In the UK, the record is especially bad with transport, health services, housing, and education. These are the 4 things that matter most to the large majority of the population which is on average to low incomes

Summed together, the direct outlays on the top 2 items perhaps account for some 30% of the average household bill. Health and education are together <10%. But their significance is much greater. Housing and transport affect heavily the current standard of life. Health coverage provides protection and psychological security.
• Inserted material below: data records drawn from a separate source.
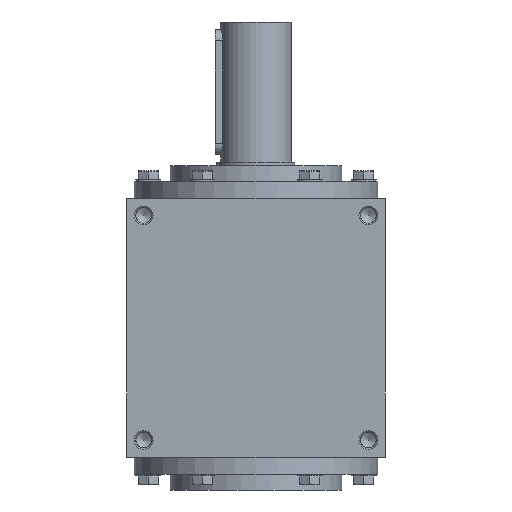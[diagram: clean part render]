
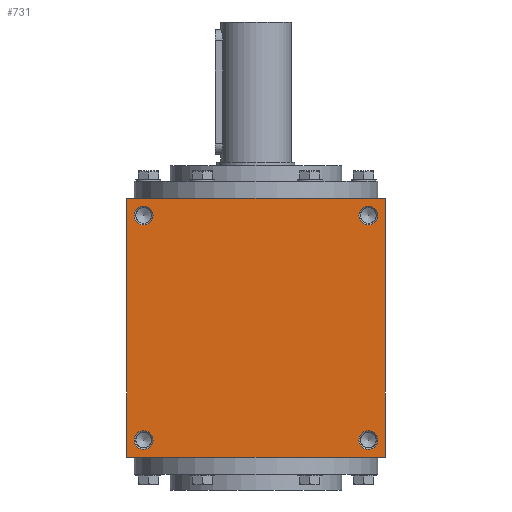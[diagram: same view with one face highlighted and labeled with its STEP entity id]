
A CAD part, left-side view. The second image highlights one B-rep face of the part: STEP entity #731.
In plain terms, the highlighted face is planar.
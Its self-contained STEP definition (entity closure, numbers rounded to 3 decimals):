
#731 = ADVANCED_FACE( '', ( #1454, #1455, #1456, #1457, #1458 ), #1459, .F. );
#1454 = FACE_BOUND( '', #2102, .T. );
#1455 = FACE_BOUND( '', #2103, .T. );
#1456 = FACE_BOUND( '', #2104, .T. );
#1457 = FACE_BOUND( '', #2105, .T. );
#1458 = FACE_OUTER_BOUND( '', #2106, .T. );
#1459 = PLANE( '', #2107 );
#2102 = EDGE_LOOP( '', ( #3287 ) );
#2103 = EDGE_LOOP( '', ( #3288 ) );
#2104 = EDGE_LOOP( '', ( #3289 ) );
#2105 = EDGE_LOOP( '', ( #3290 ) );
#2106 = EDGE_LOOP( '', ( #3291, #3292, #3293, #3294 ) );
#2107 = AXIS2_PLACEMENT_3D( '', #3295, #3296, #3297 );
#3287 = ORIENTED_EDGE( '', *, *, #3594, .F. );
#3288 = ORIENTED_EDGE( '', *, *, #3549, .T. );
#3289 = ORIENTED_EDGE( '', *, *, #3317, .F. );
#3290 = ORIENTED_EDGE( '', *, *, #3622, .T. );
#3291 = ORIENTED_EDGE( '', *, *, #3437, .F. );
#3292 = ORIENTED_EDGE( '', *, *, #3532, .F. );
#3293 = ORIENTED_EDGE( '', *, *, #3590, .F. );
#3294 = ORIENTED_EDGE( '', *, *, #3761, .F. );
#3295 = CARTESIAN_POINT( '', ( 0., 0., -83. ) );
#3296 = DIRECTION( '', ( 0., 0., 1. ) );
#3297 = DIRECTION( '', ( 1., 0., 0. ) );
#3317 = EDGE_CURVE( '', #3769, #3769, #3770, .T. );
#3437 = EDGE_CURVE( '', #3962, #3963, #3964, .T. );
#3532 = EDGE_CURVE( '', #4108, #3962, #4109, .T. );
#3549 = EDGE_CURVE( '', #4131, #4131, #4132, .T. );
#3590 = EDGE_CURVE( '', #4195, #4108, #4196, .T. );
#3594 = EDGE_CURVE( '', #4201, #4201, #4202, .T. );
#3622 = EDGE_CURVE( '', #4242, #4242, #4243, .T. );
#3761 = EDGE_CURVE( '', #3963, #4195, #4398, .T. );
#3769 = VERTEX_POINT( '', #4405 );
#3770 = CIRCLE( '', #4406, 6. );
#3962 = VERTEX_POINT( '', #4700 );
#3963 = VERTEX_POINT( '', #4701 );
#3964 = LINE( '', #4702, #4703 );
#4108 = VERTEX_POINT( '', #4910 );
#4109 = LINE( '', #4911, #4912 );
#4131 = VERTEX_POINT( '', #4936 );
#4132 = CIRCLE( '', #4937, 6. );
#4195 = VERTEX_POINT( '', #5011 );
#4196 = LINE( '', #5012, #5013 );
#4201 = VERTEX_POINT( '', #5020 );
#4202 = CIRCLE( '', #5021, 6. );
#4242 = VERTEX_POINT( '', #5061 );
#4243 = CIRCLE( '', #5062, 6. );
#4398 = LINE( '', #5301, #5302 );
#4405 = CARTESIAN_POINT( '', ( -78., -72., -83. ) );
#4406 = AXIS2_PLACEMENT_3D( '', #5308, #5309, #5310 );
#4700 = CARTESIAN_POINT( '', ( -83., 83., -83. ) );
#4701 = CARTESIAN_POINT( '', ( -83., -83., -83. ) );
#4702 = CARTESIAN_POINT( '', ( -83., 83., -83. ) );
#4703 = VECTOR( '', #5525, 1000. );
#4910 = CARTESIAN_POINT( '', ( 83., 83., -83. ) );
#4911 = CARTESIAN_POINT( '', ( 83., 83., -83. ) );
#4912 = VECTOR( '', #5690, 1000. );
#4936 = CARTESIAN_POINT( '', ( 78., 72., -83. ) );
#4937 = AXIS2_PLACEMENT_3D( '', #5714, #5715, #5716 );
#5011 = CARTESIAN_POINT( '', ( 83., -83., -83. ) );
#5012 = CARTESIAN_POINT( '', ( 83., -83., -83. ) );
#5013 = VECTOR( '', #5790, 1000. );
#5020 = CARTESIAN_POINT( '', ( -78., 72., -83. ) );
#5021 = AXIS2_PLACEMENT_3D( '', #5793, #5794, #5795 );
#5061 = CARTESIAN_POINT( '', ( 78., -72., -83. ) );
#5062 = AXIS2_PLACEMENT_3D( '', #5844, #5845, #5846 );
#5301 = CARTESIAN_POINT( '', ( -83., -83., -83. ) );
#5302 = VECTOR( '', #5977, 1000. );
#5308 = CARTESIAN_POINT( '', ( -72., -72., -83. ) );
#5309 = DIRECTION( '', ( 0., 0., -1. ) );
#5310 = DIRECTION( '', ( -1., 0., 0. ) );
#5525 = DIRECTION( '', ( 0., -1., 0. ) );
#5690 = DIRECTION( '', ( -1., 0., 0. ) );
#5714 = CARTESIAN_POINT( '', ( 72., 72., -83. ) );
#5715 = DIRECTION( '', ( 0., 0., 1. ) );
#5716 = DIRECTION( '', ( 1., 0., 0. ) );
#5790 = DIRECTION( '', ( 0., 1., 0. ) );
#5793 = CARTESIAN_POINT( '', ( -72., 72., -83. ) );
#5794 = DIRECTION( '', ( 0., 0., -1. ) );
#5795 = DIRECTION( '', ( -1., 0., 0. ) );
#5844 = CARTESIAN_POINT( '', ( 72., -72., -83. ) );
#5845 = DIRECTION( '', ( 0., 0., 1. ) );
#5846 = DIRECTION( '', ( 1., 0., 0. ) );
#5977 = DIRECTION( '', ( 1., 0., 0. ) );

Education is the key to sustainability

What have been dominant trends in EU?

First, secular decline in electoral participation in most countries and at most levels

Second, secular drift in the ability of standard political parties to represent the real concerns of people in a fast changing social and economic environment (SLOW ECONOMIC GROWTH DOES NOT EQUATE TO SLOW ECONOMIC CHANGE – ON THE CONTRARY, TECHNOLOGICAL, ACTIVITY AND SECTORAL SHIFTS HAVE BEEN ENORMOUS WHILE OVERALL GROWTH HAS REMAINED AT HISTORICALLY FAIRLY LOW LEVELS)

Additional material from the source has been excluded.